====== THE RECORDS

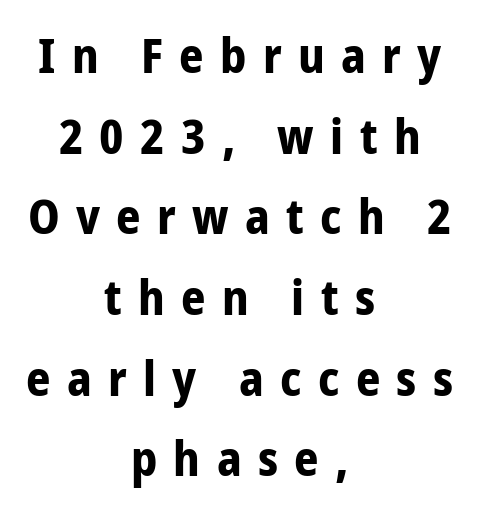
I'd call this a sans setting — the letters go barefoot. Pretty heavy lettering here — definitely bold. The gap between lines stays unmarked. Compared with a flush-left layout, this one balances lines on the center instead.
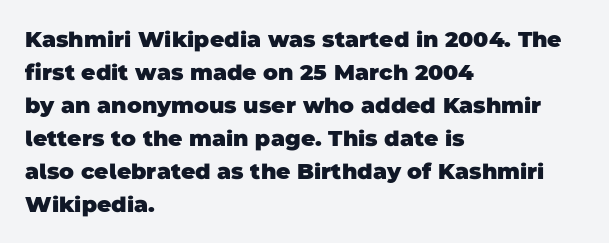
Q: Is the text bold? A: Yes.
Q: Is the text underlined? A: No.
Q: How is the paragraph aligned? A: Left-aligned.
Q: Is the spacing between letters normal or unusually wide? A: Normal.
Q: Is the spacing between lines tight, normal or loose? A: Normal.
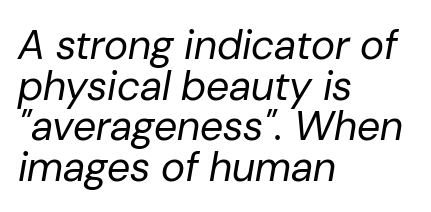
{"italic": "yes", "lean": "right", "slant_degrees": 10, "bold": "no", "weight": "regular", "width": "normal", "stroke_contrast": "low", "x_height": "medium", "monospaced": "no", "underline": "no", "align": "left", "line_spacing": "tight", "line_spacing_ratio": 0.99, "letter_spacing": "normal", "letter_spacing_em": 0.0, "glyph_px": 41}
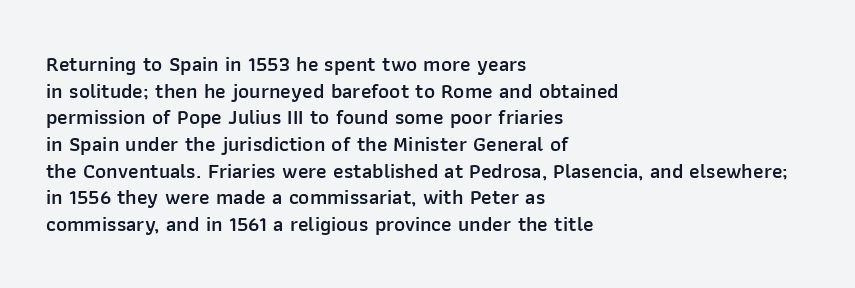
Q: Is the text bold? A: Semi-bold.
Q: Is the text italic (slanted)? A: No, it is upright.
Q: Is the text underlined? A: No.
Q: How is the paragraph aligned? A: Left-aligned.
Q: Is the spacing between letters normal or unusually wide? A: Normal.
Q: Is the spacing between lines tight, normal or loose? A: Normal.
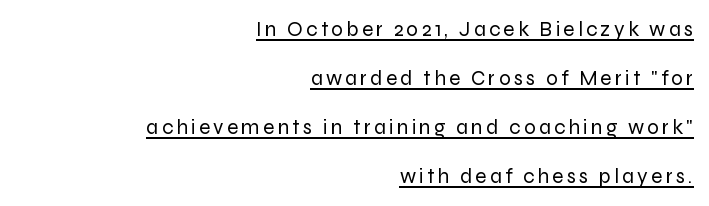
The image shows 21 px text type, upright; set right-aligned, loose line spacing (2.34x), underlined.
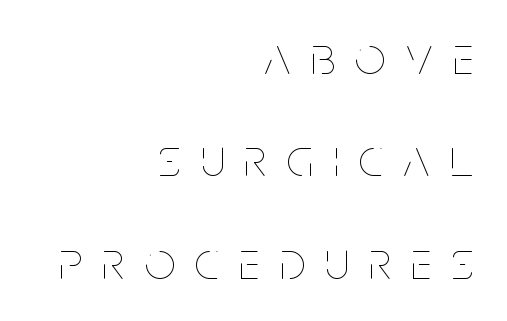
The image shows 53 px thin, condensed type, upright; set right-aligned, loose line spacing (1.93x), unusually wide letter spacing (+0.39 em), not underlined; low stroke contrast and a large x-height.
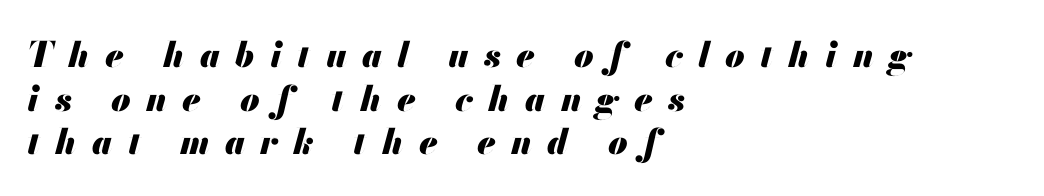
The image shows 35 px heavy type, italic (leaning right); set left-aligned, normal line spacing (1.25x), unusually wide letter spacing (+0.44 em), not underlined; medium stroke contrast and a small x-height.
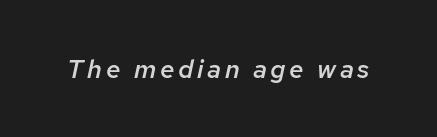
The image shows 26 px text type, italic (leaning right); set not underlined.
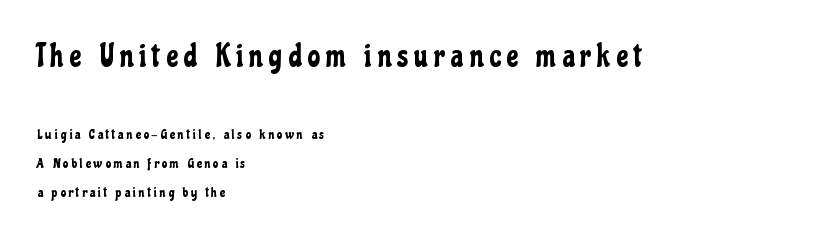
{"serif": "no", "italic": "no", "width": "condensed", "stroke_contrast": "low", "x_height": "medium", "monospaced": "no", "underline": "no", "align": "left", "line_spacing": "loose", "line_spacing_ratio": 2.07, "letter_spacing": "wide", "letter_spacing_em": 0.2, "larger_block": "first", "size_ratio": 2.21, "glyph_px": 31}
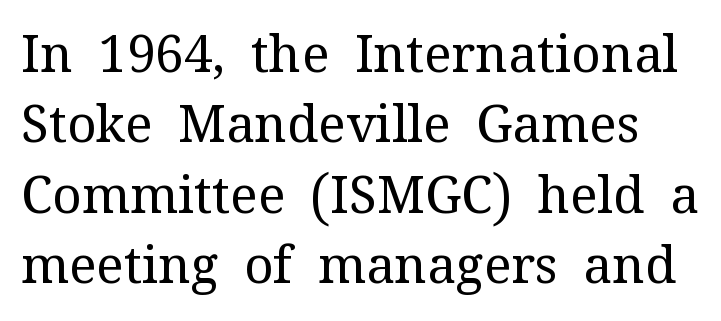
The image shows 51 px regular-weight serif type, upright; set normal line spacing (1.38x), normal letter spacing, not underlined; medium stroke contrast and a medium x-height.
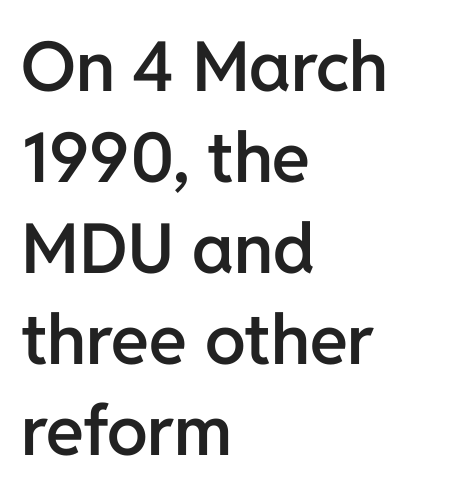
{"serif": "no", "italic": "no", "bold": "semi", "weight": "semibold", "width": "normal", "stroke_contrast": "low", "x_height": "medium", "monospaced": "no", "underline": "no", "align": "left", "line_spacing": "normal", "line_spacing_ratio": 1.32, "letter_spacing": "normal", "letter_spacing_em": 0.0, "glyph_px": 69}
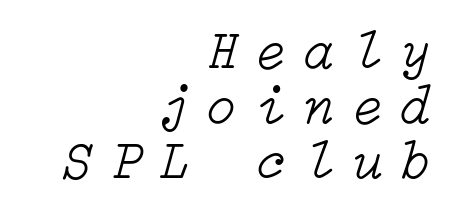
{"italic": "yes", "lean": "right", "slant_degrees": 15, "bold": "no", "weight": "light", "width": "normal", "stroke_contrast": "low", "x_height": "medium", "underline": "no", "align": "right", "line_spacing": "tight", "line_spacing_ratio": 1.02, "letter_spacing": "wide", "letter_spacing_em": 0.35, "glyph_px": 54}
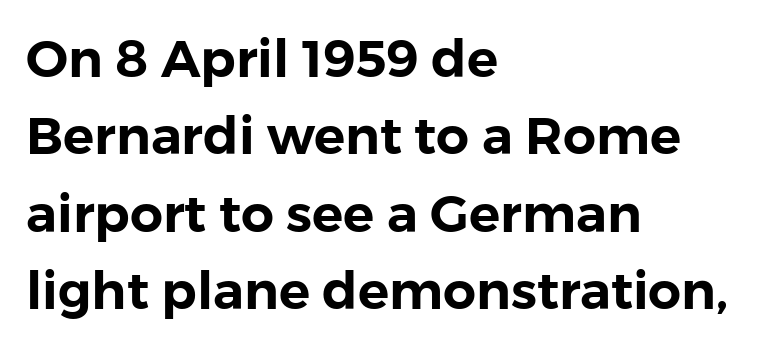
{"serif": "no", "italic": "no", "width": "normal", "stroke_contrast": "low", "x_height": "medium", "monospaced": "no", "underline": "no", "align": "left", "line_spacing": "normal", "line_spacing_ratio": 1.49, "letter_spacing": "normal", "letter_spacing_em": 0.0, "glyph_px": 52}
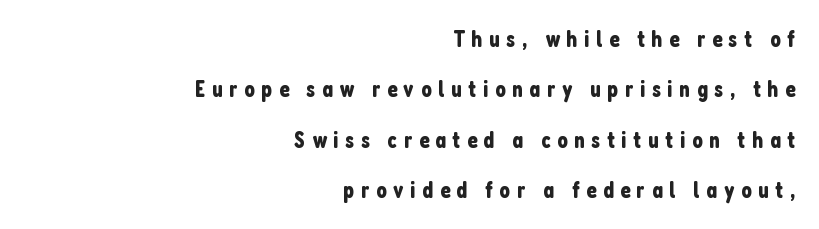
The image shows 23 px text type, upright; set right-aligned, loose line spacing (2.19x), unusually wide letter spacing (+0.29 em), not underlined.
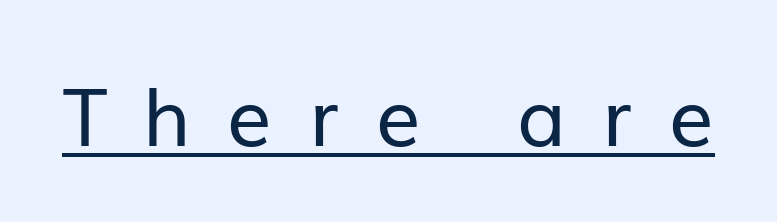
Q: Is the text bold? A: No.
Q: Is the text italic (slanted)? A: No, it is upright.
Q: Is the typeface a serif or a sans-serif typeface? A: Sans-serif.
Q: Is the text underlined? A: Yes.
Q: Is the spacing between letters normal or unusually wide? A: Unusually wide.
Q: Width (condensed, normal, or wide)? A: Normal.
Q: Stroke contrast? A: Low.
Q: x-height? A: Medium.
Q: Monospaced? A: No.
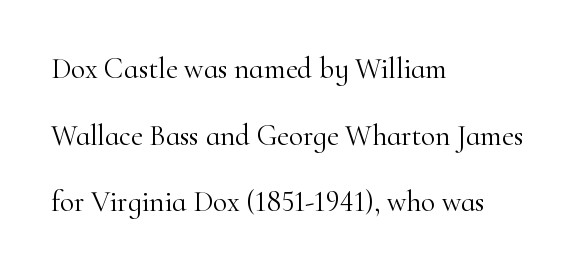
Stems here are at most as thick as an everyday book face. Successive baselines arrive slowly, with a big drop between each. The typesetter chose a ragged-right arrangement here. These lines are rendered in a variable-pitch font. Each word holds together tightly as a unit, with standard inter-letter gaps.
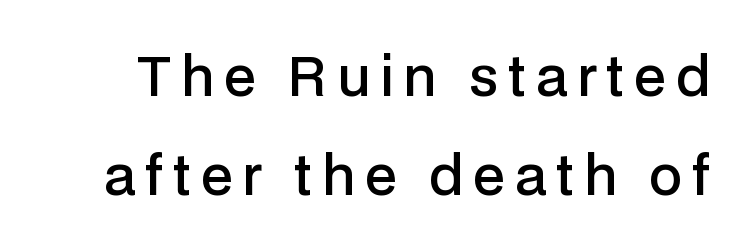
Q: Is the text bold? A: Semi-bold.
Q: Is the text italic (slanted)? A: No, it is upright.
Q: Is the typeface a serif or a sans-serif typeface? A: Sans-serif.
Q: Is the text underlined? A: No.
Q: Width (condensed, normal, or wide)? A: Normal.
Q: Stroke contrast? A: Low.
Q: x-height? A: Medium.
Q: Monospaced? A: No.
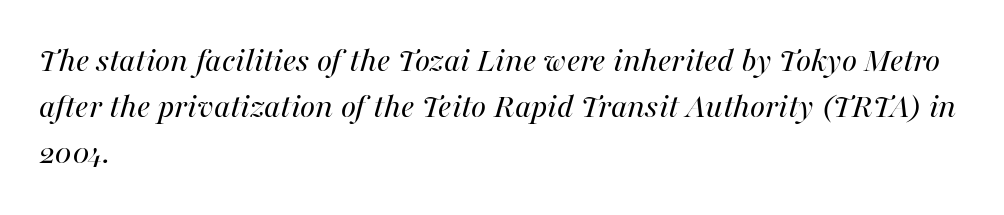
The typography opts for an oblique posture over an upright one. The passage is arranged the way most books set body copy — flush left. Here the designer chose a conventional face with non-uniform glyph widths. Stem width sits at or under what a default text font uses.
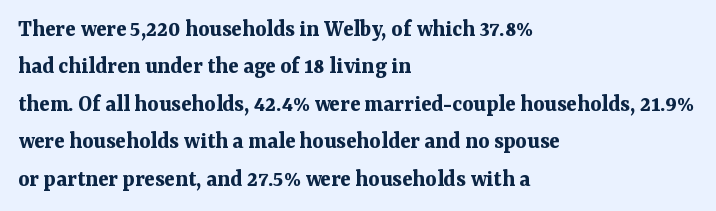
Underline: absent. Strokes here are thick enough to call this a true bold. This block has exactly the height ordinary leading produces. Standard letterfit; no display-style spreading of the glyphs. The lines are quadded left.
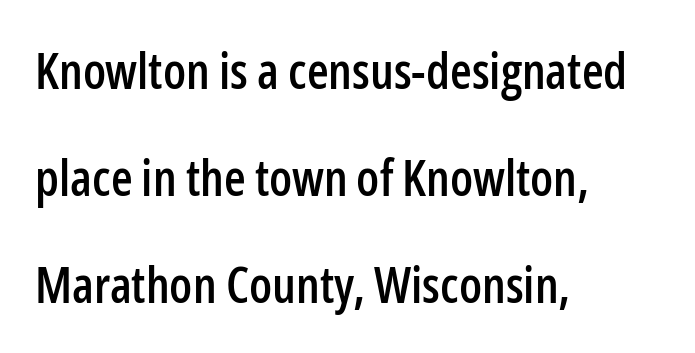
{"serif": "no", "italic": "no", "width": "condensed", "stroke_contrast": "low", "x_height": "medium", "monospaced": "no", "underline": "no", "align": "left", "line_spacing": "loose", "line_spacing_ratio": 2.14, "letter_spacing": "normal", "letter_spacing_em": 0.0, "glyph_px": 50}
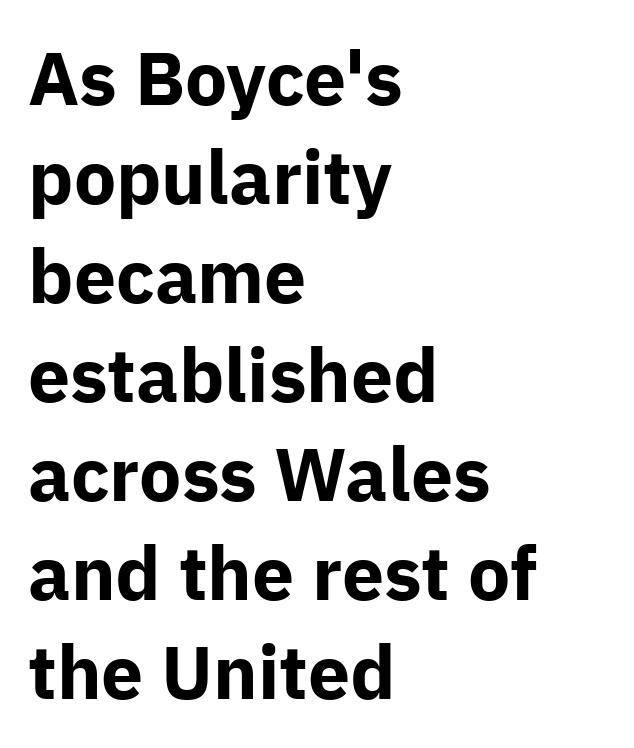
Q: Is the text bold? A: Yes.
Q: Is the text italic (slanted)? A: No, it is upright.
Q: Is the typeface a serif or a sans-serif typeface? A: Sans-serif.
Q: Is the text underlined? A: No.
Q: How is the paragraph aligned? A: Left-aligned.
Q: Is the spacing between letters normal or unusually wide? A: Normal.
Q: Is the spacing between lines tight, normal or loose? A: Normal.
Q: Width (condensed, normal, or wide)? A: Normal.
Q: Stroke contrast? A: Low.
Q: x-height? A: Medium.
Q: Monospaced? A: No.
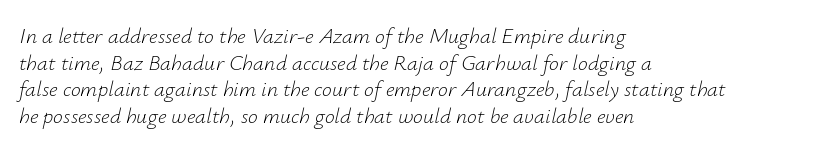
The image shows 22 px text type, italic (leaning right); set left-aligned, line spacing 1.21x, normal letter spacing, not underlined.
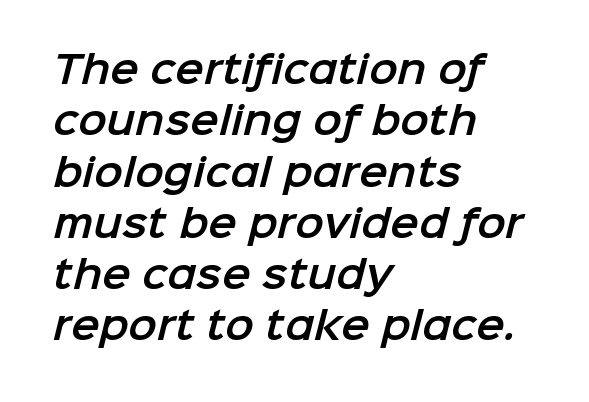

============

◆ PROBLEM TO SOLVE ◆
When a line in the records holds the string "most", copy that line.

◆ EXPECTED ANSWER ◆
Stems here are at most as thick as an everyday book face. Successive baselines arrive slowly, with a big drop between each. The typesetter chose a ragged-right arrangement here. These lines are rendered in a variable-pitch font. Each word holds together tightly as a unit, with standard inter-letter gaps.
The typography opts for an oblique posture over an upright one. The passage is arranged the way most books set body copy — flush left. Here the designer chose a conventional face with non-uniform glyph widths. Stem width sits at or under what a default text font uses.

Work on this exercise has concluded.